By: Jeff Parker (writer), Declan Shalvey (art), Frank Martin (colors) & Albert Deschesne (letters)
Moonstone story by: Joe Caramagna (writer), Valentine de Landro (art), Chris Sotomayor (colors) & Deschesne (letters)
Ghost/John Walker story by: Jen Van Meter (writer), Eric Canete (art), Fabio D’Auria (colors) & Dave Sharpe (letters)
Crossbones story by: Frank Tieri (writer), Matthew Southworth (art) & Sharpe (letters)
The Story: A medley of stories detailing events on the Raft after it is destroyed by Juggernaut’s Fear Itself Hammer.
What’s Good: For one thing, this is a pretty fat issue. Checking in at 40 pages for its $4.99 price, you’re getting a double-sized comic for less than double-price. And none of the 40 pages is junky crap like an old reprinted Thunderbolts story. Nice one…
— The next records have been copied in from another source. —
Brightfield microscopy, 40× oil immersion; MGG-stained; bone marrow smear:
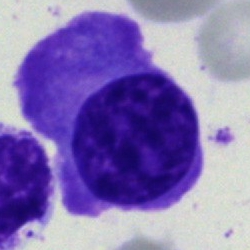A plasma cell.
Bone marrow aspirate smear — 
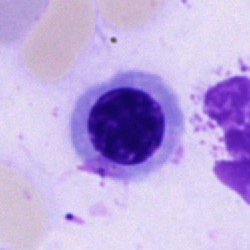

The cell type is nucleated red cell.
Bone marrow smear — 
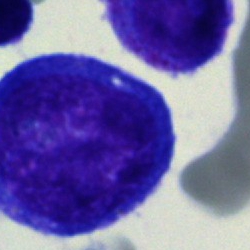
Specimen: bone marrow smear.
Cell type: undifferentiated blast.
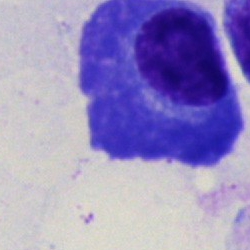

Classification: plasmacyte.
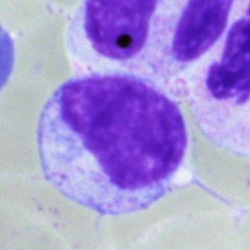

Bone marrow aspirate smear, single cell — myelocyte.
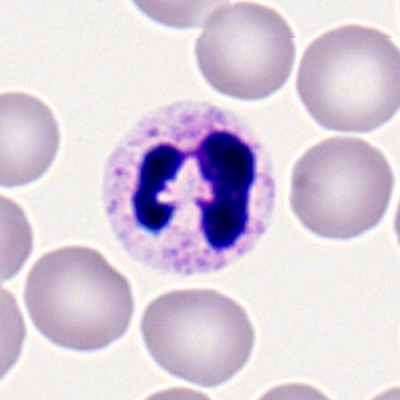
A polymorphonuclear neutrophil.
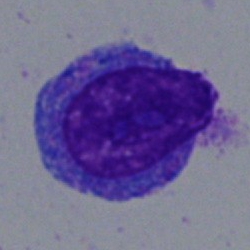Morphology — undifferentiated blast.
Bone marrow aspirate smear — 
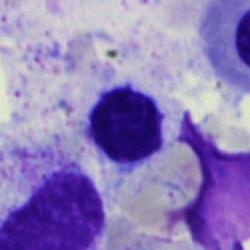
This is an artifact.
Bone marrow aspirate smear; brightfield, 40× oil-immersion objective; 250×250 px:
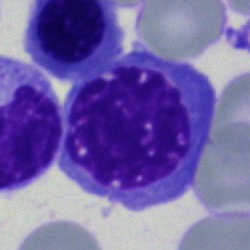

{"cell_type": "erythroblast", "lineage": "erythroid"}
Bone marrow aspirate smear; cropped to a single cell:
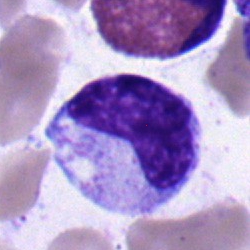
Cell: monocyte.
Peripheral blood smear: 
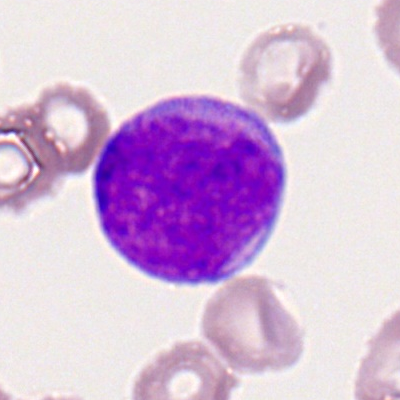
The cell is myeloid blast.
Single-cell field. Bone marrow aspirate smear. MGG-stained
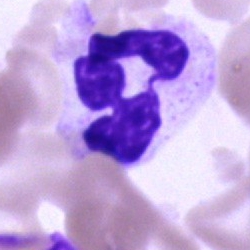
Impression — segmented neutrophil.
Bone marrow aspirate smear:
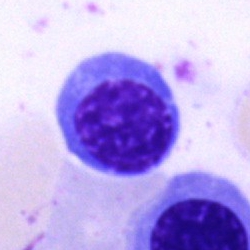Specimen: bone marrow smear.
Morphological class: blast cell.
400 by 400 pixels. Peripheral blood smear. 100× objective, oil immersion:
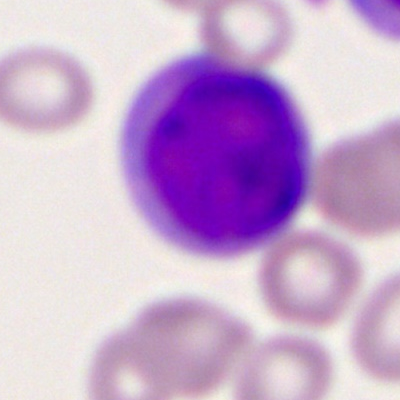
Q: What is shown here?
A: This is a myeloblast.
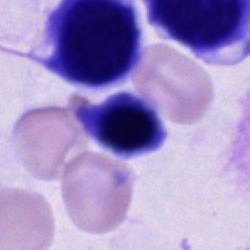

Single-cell crop from a bone marrow smear: unidentifiable cell.
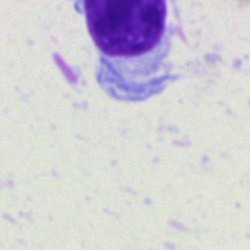

This is an unidentifiable cell.
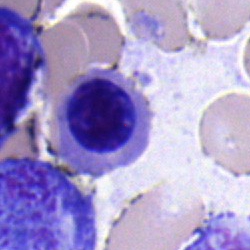

Morphology consistent with a nucleated red blood cell.
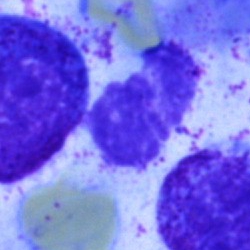
Showing an artifact.
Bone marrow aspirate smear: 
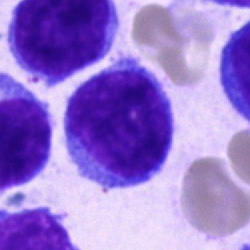

A lymphocyte.
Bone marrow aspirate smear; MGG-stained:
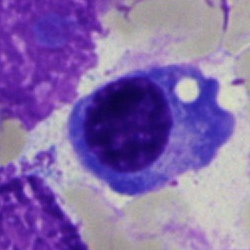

This is effectively a Thunderbolts anthology. I love anthologies, but it isn’t uncommon to get some crummy stories that you just need to skip. That’s not a problem in this issue as all of the stories are between “solid” and “quite good”. And, because these four stories are both bulky and from widely different parts of the Raft, it really drives home the enormity of the crisis. It also continues the general strength of the Fear Itself tie-ins. This issue adds a lot of local flavor to Marvel’s summer event.
For regular T-bolts readers, the star of the issue will be the Parker/Shalvey Underbolts story. When we last left these characters, they were contemplating just running for it instead of continuing to serve as “heroes”. Here we see them helping out with rescue efforts but also building in their own little insurance policy for the future. This is just classic T-bolts storytelling since these characters are villains and you never want them to feel “safe”.
The other stories all have their moments such as Marvel letterer Joe Caramagna showing us what happens when the female and male prisoners come into contact without any chaperones present or how effectively the anarchist Ghost and the former US Agent, John Walker team-up (and build a grudging respect).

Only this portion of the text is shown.